━━━ Recorded data ━━━
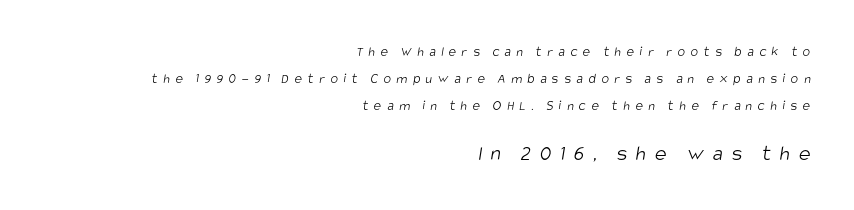
{"bold": "no", "underline": "no", "align": "right", "line_spacing": "loose", "line_spacing_ratio": 1.92, "letter_spacing": "wide", "letter_spacing_em": 0.4, "larger_block": "second", "size_ratio": 1.57, "glyph_px": 22}
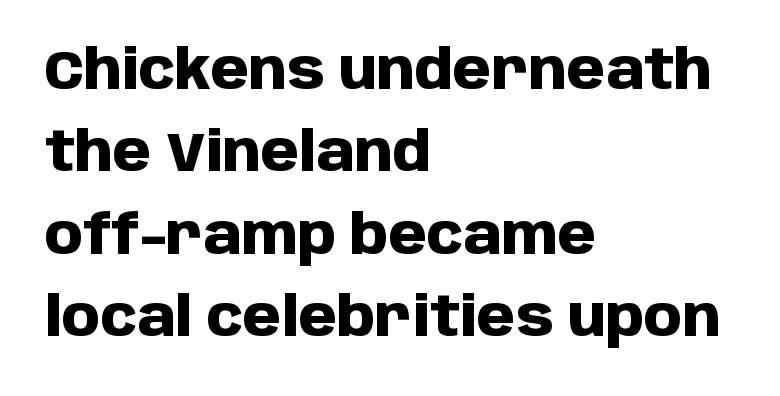
The face used here is rendered with its standard letterfit. The characters display no serif detailing; their extremities are plain. Has an underline been added? It has not. In terms of posture, this sample is upright. The passage shown stacks its lines at a standard gap. Look at the stroke-to-counter ratio: heavy, a bold.
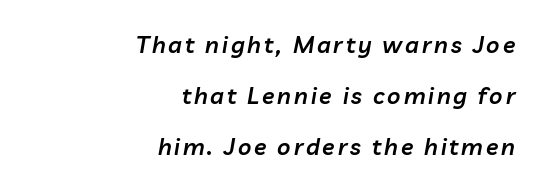
The face used here is a semibold: visibly heavier than regular, lighter than bold. The space beneath each line is pristine and unruled. A typesetter would call this leading open, well beyond the default. It's the slanting kind of type. The rendering anchors every line to the right-hand side.
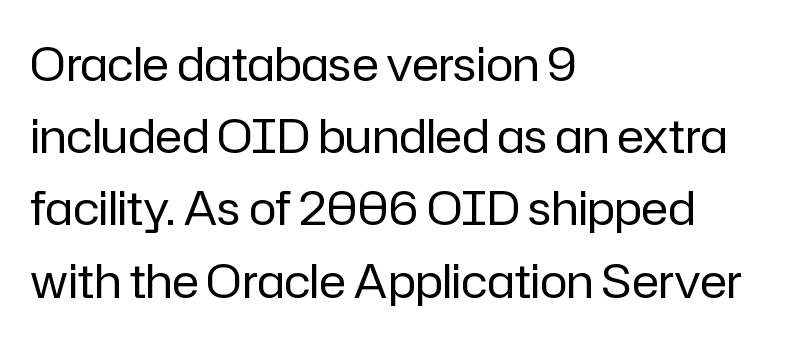
Q: Is the text bold? A: No.
Q: Is the text italic (slanted)? A: No, it is upright.
Q: Is the typeface a serif or a sans-serif typeface? A: Sans-serif.
Q: Is the text underlined? A: No.
Q: How is the paragraph aligned? A: Left-aligned.
Q: Is the spacing between letters normal or unusually wide? A: Normal.
Q: Is the spacing between lines tight, normal or loose? A: Normal.
Q: Width (condensed, normal, or wide)? A: Normal.
Q: Stroke contrast? A: Low.
Q: x-height? A: Medium.
Q: Monospaced? A: No.
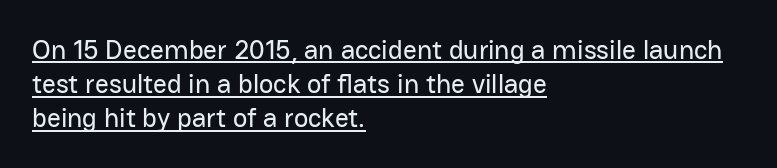
The image shows 27 px text type, upright; set left-aligned, normal line spacing (1.26x), normal letter spacing, underlined.
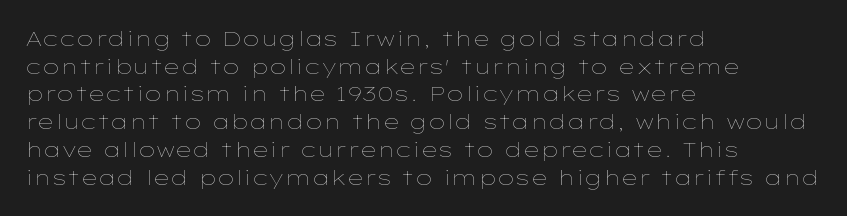
{"italic": "no", "bold": "no", "underline": "no", "align": "left", "line_spacing": "normal", "line_spacing_ratio": 1.32, "letter_spacing": "normal", "letter_spacing_em": 0.0, "glyph_px": 21}
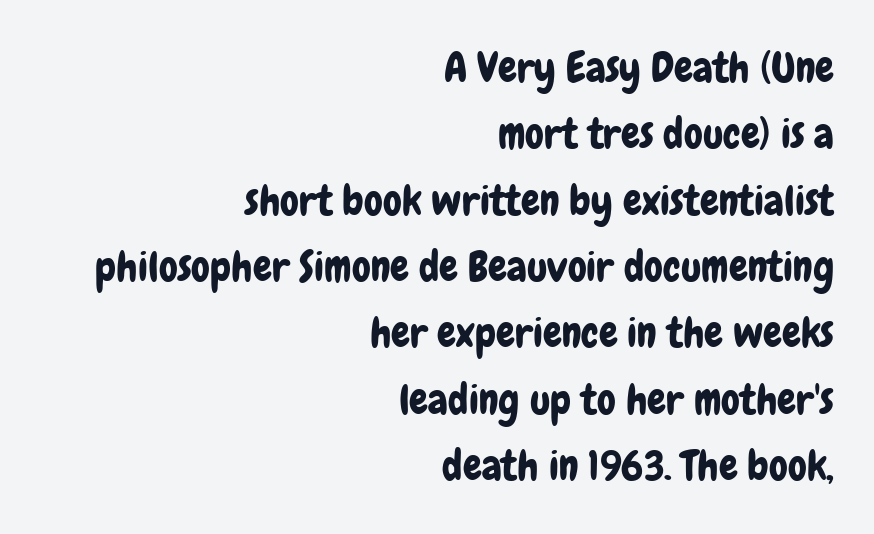
{"serif": "no", "italic": "no", "width": "condensed", "stroke_contrast": "low", "x_height": "medium", "monospaced": "no", "underline": "no", "align": "right", "line_spacing": "normal", "line_spacing_ratio": 1.58, "letter_spacing": "normal", "letter_spacing_em": 0.0, "glyph_px": 42}
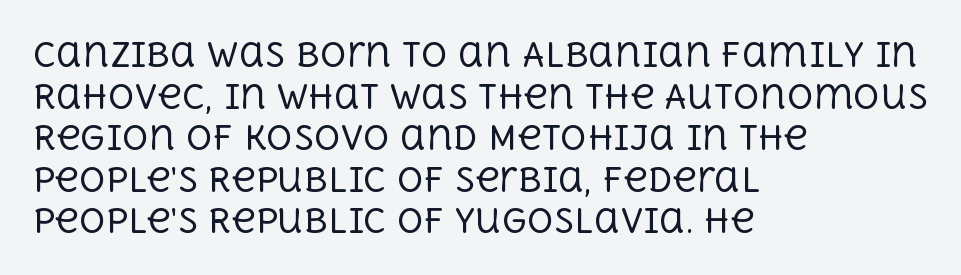
{"serif": "yes", "italic": "no", "bold": "no", "weight": "regular", "width": "normal", "x_height": "large", "monospaced": "no", "underline": "no", "align": "left", "line_spacing": "normal", "line_spacing_ratio": 1.26, "letter_spacing": "normal", "letter_spacing_em": 0.0, "glyph_px": 33}
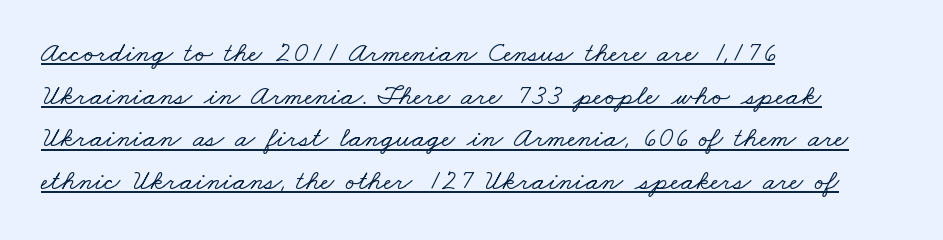
The image shows 29 px wide serif type; set left-aligned, normal line spacing (1.47x), normal letter spacing, underlined; low stroke contrast and a small x-height.
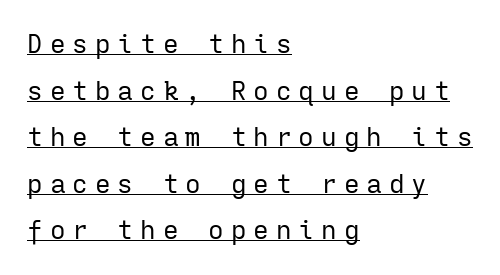
Each stroke keeps to a modest, everyday thickness or less. The specimen includes a rule beneath the text block's lines. Students, note that the glyphs here are deliberately spaced far apart. Ordinary non-slanted type is in use.
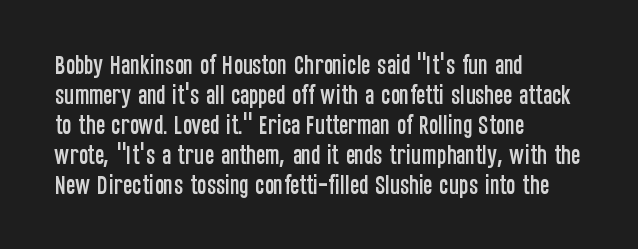
The image shows 22 px text type, upright; set left-aligned, normal line spacing (1.36x), normal letter spacing, not underlined.
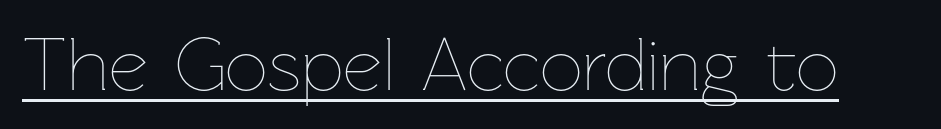
Is the stroke heavy? The answer is a plain regular-or-lighter. The line texture is even and compact thanks to regular tracking. The face used here is proportionally spaced, like ordinary book or web type. The specimen reads as upright at a glance. Glance below the letters and you will spot a drawn line.
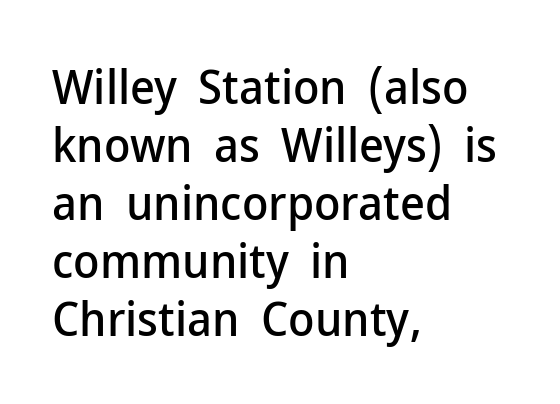
Q: Is the text italic (slanted)? A: No, it is upright.
Q: Is the typeface a serif or a sans-serif typeface? A: Sans-serif.
Q: Is the text underlined? A: No.
Q: How is the paragraph aligned? A: Left-aligned.
Q: Is the spacing between letters normal or unusually wide? A: Normal.
Q: Width (condensed, normal, or wide)? A: Normal.
Q: Stroke contrast? A: Low.
Q: x-height? A: Medium.
Q: Monospaced? A: No.
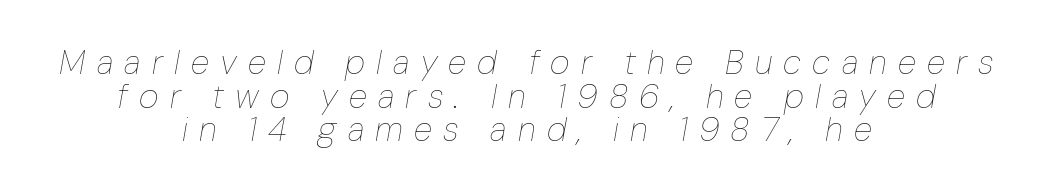
Each new line begins almost immediately beneath the previous one. A centered setting, common on invitations and titles, is used for this passage. The letterforms sit at book weight or below. Note the varied advance widths — an 'i' is clearly narrower than an 'm'.
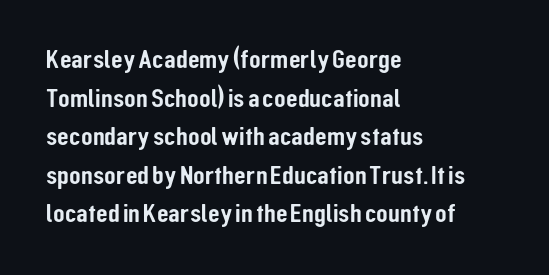
Tracking value appears to be zero — textbook default spacing. The font's upright variant was chosen for this text. Alignment: flush left. Rows of type keep a routine distance in the vertical direction. This rendering features lettering with no underline.
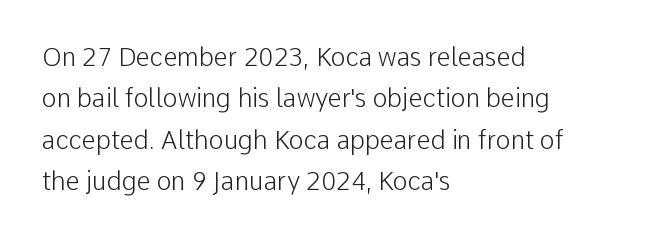
The image shows 25 px text type, upright; set left-aligned, normal line spacing (1.66x), normal letter spacing, not underlined.
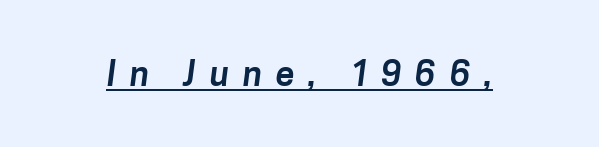
The image shows 34 px sans-serif type; set unusually wide letter spacing (+0.41 em), underlined; low stroke contrast and a medium x-height.
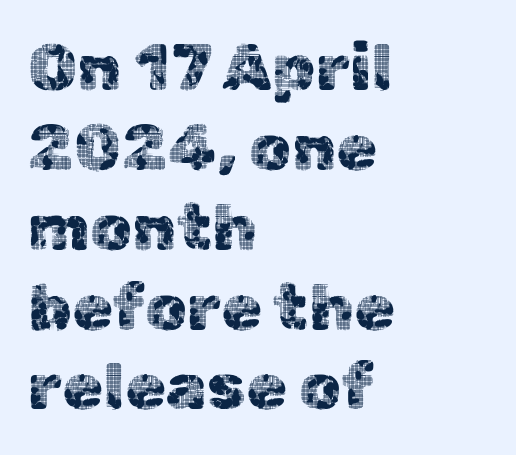
Q: Is the text italic (slanted)? A: No, it is upright.
Q: Is the typeface a serif or a sans-serif typeface? A: Sans-serif.
Q: Is the text underlined? A: No.
Q: How is the paragraph aligned? A: Left-aligned.
Q: Is the spacing between letters normal or unusually wide? A: Normal.
Q: Width (condensed, normal, or wide)? A: Normal.
Q: x-height? A: Medium.
Q: Monospaced? A: No.
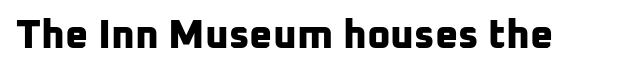
Q: Is the text bold? A: Yes.
Q: Is the typeface a serif or a sans-serif typeface? A: Sans-serif.
Q: Is the text underlined? A: No.
Q: Is the spacing between letters normal or unusually wide? A: Normal.
Q: Width (condensed, normal, or wide)? A: Normal.
Q: Stroke contrast? A: Low.
Q: x-height? A: Medium.
Q: Monospaced? A: No.
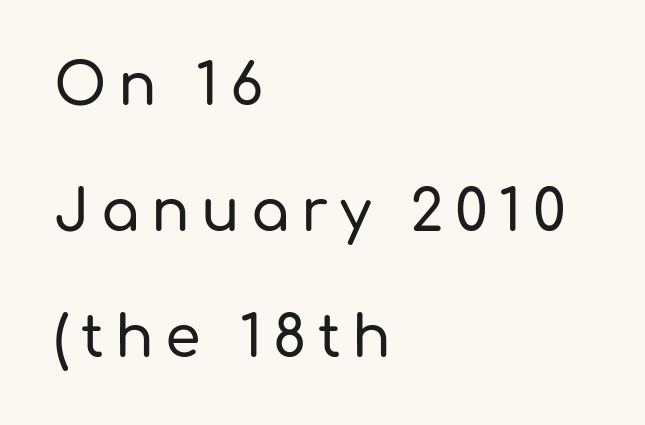
Q: Is the text italic (slanted)? A: No, it is upright.
Q: Is the typeface a serif or a sans-serif typeface? A: Sans-serif.
Q: Is the text underlined? A: No.
Q: How is the paragraph aligned? A: Left-aligned.
Q: Is the spacing between letters normal or unusually wide? A: Unusually wide.
Q: Is the spacing between lines tight, normal or loose? A: Loose.
Q: Width (condensed, normal, or wide)? A: Normal.
Q: Stroke contrast? A: Low.
Q: x-height? A: Medium.
Q: Monospaced? A: No.
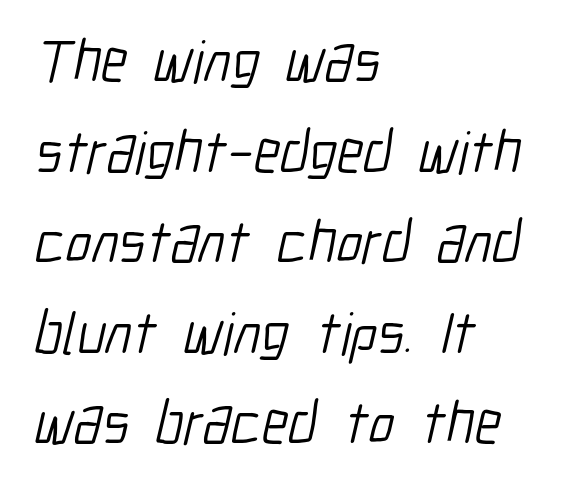
The image shows 60 px light, condensed sans-serif type; set left-aligned, normal line spacing (1.51x), normal letter spacing, not underlined; low stroke contrast and a medium x-height.
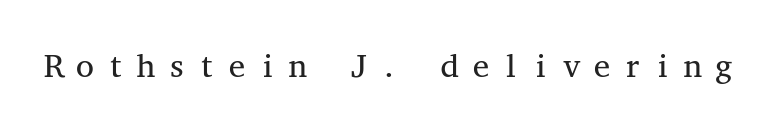
The image shows 33 px regular-weight, wide serif type, upright, monospaced; set not underlined; medium stroke contrast and a medium x-height.
━━━
## Task item
An exact reprint of every record is required, with the pictures omitted.

## Answer box
{"bold": "no", "underline": "no", "align": "right", "line_spacing": "loose", "line_spacing_ratio": 1.92, "letter_spacing": "wide", "letter_spacing_em": 0.4, "larger_block": "second", "size_ratio": 1.57, "glyph_px": 22}
The face used here is rendered with its standard letterfit. The characters display no serif detailing; their extremities are plain. Has an underline been added? It has not. In terms of posture, this sample is upright. The passage shown stacks its lines at a standard gap. Look at the stroke-to-counter ratio: heavy, a bold.
The face used here is a semibold: visibly heavier than regular, lighter than bold. The space beneath each line is pristine and unruled. A typesetter would call this leading open, well beyond the default. It's the slanting kind of type. The rendering anchors every line to the right-hand side.
Q: Is the text bold? A: No.
Q: Is the text italic (slanted)? A: No, it is upright.
Q: Is the typeface a serif or a sans-serif typeface? A: Sans-serif.
Q: Is the text underlined? A: No.
Q: How is the paragraph aligned? A: Left-aligned.
Q: Is the spacing between letters normal or unusually wide? A: Normal.
Q: Is the spacing between lines tight, normal or loose? A: Normal.
Q: Width (condensed, normal, or wide)? A: Normal.
Q: Stroke contrast? A: Low.
Q: x-height? A: Medium.
Q: Monospaced? A: No.
The image shows 27 px text type, upright; set left-aligned, normal line spacing (1.26x), normal letter spacing, underlined.
{"italic": "no", "bold": "no", "underline": "no", "align": "left", "line_spacing": "normal", "line_spacing_ratio": 1.32, "letter_spacing": "normal", "letter_spacing_em": 0.0, "glyph_px": 21}
{"serif": "no", "italic": "no", "width": "condensed", "stroke_contrast": "low", "x_height": "medium", "monospaced": "no", "underline": "no", "align": "right", "line_spacing": "normal", "line_spacing_ratio": 1.58, "letter_spacing": "normal", "letter_spacing_em": 0.0, "glyph_px": 42}
{"serif": "yes", "italic": "no", "bold": "no", "weight": "regular", "width": "normal", "x_height": "large", "monospaced": "no", "underline": "no", "align": "left", "line_spacing": "normal", "line_spacing_ratio": 1.26, "letter_spacing": "normal", "letter_spacing_em": 0.0, "glyph_px": 33}
The image shows 29 px wide serif type; set left-aligned, normal line spacing (1.47x), normal letter spacing, underlined; low stroke contrast and a small x-height.
Each stroke keeps to a modest, everyday thickness or less. The specimen includes a rule beneath the text block's lines. Students, note that the glyphs here are deliberately spaced far apart. Ordinary non-slanted type is in use.
The image shows 22 px text type, upright; set left-aligned, normal line spacing (1.36x), normal letter spacing, not underlined.
Is the stroke heavy? The answer is a plain regular-or-lighter. The line texture is even and compact thanks to regular tracking. The face used here is proportionally spaced, like ordinary book or web type. The specimen reads as upright at a glance. Glance below the letters and you will spot a drawn line.
Q: Is the text italic (slanted)? A: No, it is upright.
Q: Is the typeface a serif or a sans-serif typeface? A: Sans-serif.
Q: Is the text underlined? A: No.
Q: How is the paragraph aligned? A: Left-aligned.
Q: Is the spacing between letters normal or unusually wide? A: Normal.
Q: Width (condensed, normal, or wide)? A: Normal.
Q: Stroke contrast? A: Low.
Q: x-height? A: Medium.
Q: Monospaced? A: No.
Each new line begins almost immediately beneath the previous one. A centered setting, common on invitations and titles, is used for this passage. The letterforms sit at book weight or below. Note the varied advance widths — an 'i' is clearly narrower than an 'm'.
Tracking value appears to be zero — textbook default spacing. The font's upright variant was chosen for this text. Alignment: flush left. Rows of type keep a routine distance in the vertical direction. This rendering features lettering with no underline.
The image shows 25 px text type, upright; set left-aligned, normal line spacing (1.66x), normal letter spacing, not underlined.
The image shows 34 px sans-serif type; set unusually wide letter spacing (+0.41 em), underlined; low stroke contrast and a medium x-height.
Q: Is the text italic (slanted)? A: No, it is upright.
Q: Is the typeface a serif or a sans-serif typeface? A: Sans-serif.
Q: Is the text underlined? A: No.
Q: How is the paragraph aligned? A: Left-aligned.
Q: Is the spacing between letters normal or unusually wide? A: Normal.
Q: Width (condensed, normal, or wide)? A: Normal.
Q: x-height? A: Medium.
Q: Monospaced? A: No.
Q: Is the text bold? A: Yes.
Q: Is the typeface a serif or a sans-serif typeface? A: Sans-serif.
Q: Is the text underlined? A: No.
Q: Is the spacing between letters normal or unusually wide? A: Normal.
Q: Width (condensed, normal, or wide)? A: Normal.
Q: Stroke contrast? A: Low.
Q: x-height? A: Medium.
Q: Monospaced? A: No.
Q: Is the text italic (slanted)? A: No, it is upright.
Q: Is the typeface a serif or a sans-serif typeface? A: Sans-serif.
Q: Is the text underlined? A: No.
Q: How is the paragraph aligned? A: Left-aligned.
Q: Is the spacing between letters normal or unusually wide? A: Unusually wide.
Q: Is the spacing between lines tight, normal or loose? A: Loose.
Q: Width (condensed, normal, or wide)? A: Normal.
Q: Stroke contrast? A: Low.
Q: x-height? A: Medium.
Q: Monospaced? A: No.
The image shows 60 px light, condensed sans-serif type; set left-aligned, normal line spacing (1.51x), normal letter spacing, not underlined; low stroke contrast and a medium x-height.
The image shows 33 px regular-weight, wide serif type, upright, monospaced; set not underlined; medium stroke contrast and a medium x-height.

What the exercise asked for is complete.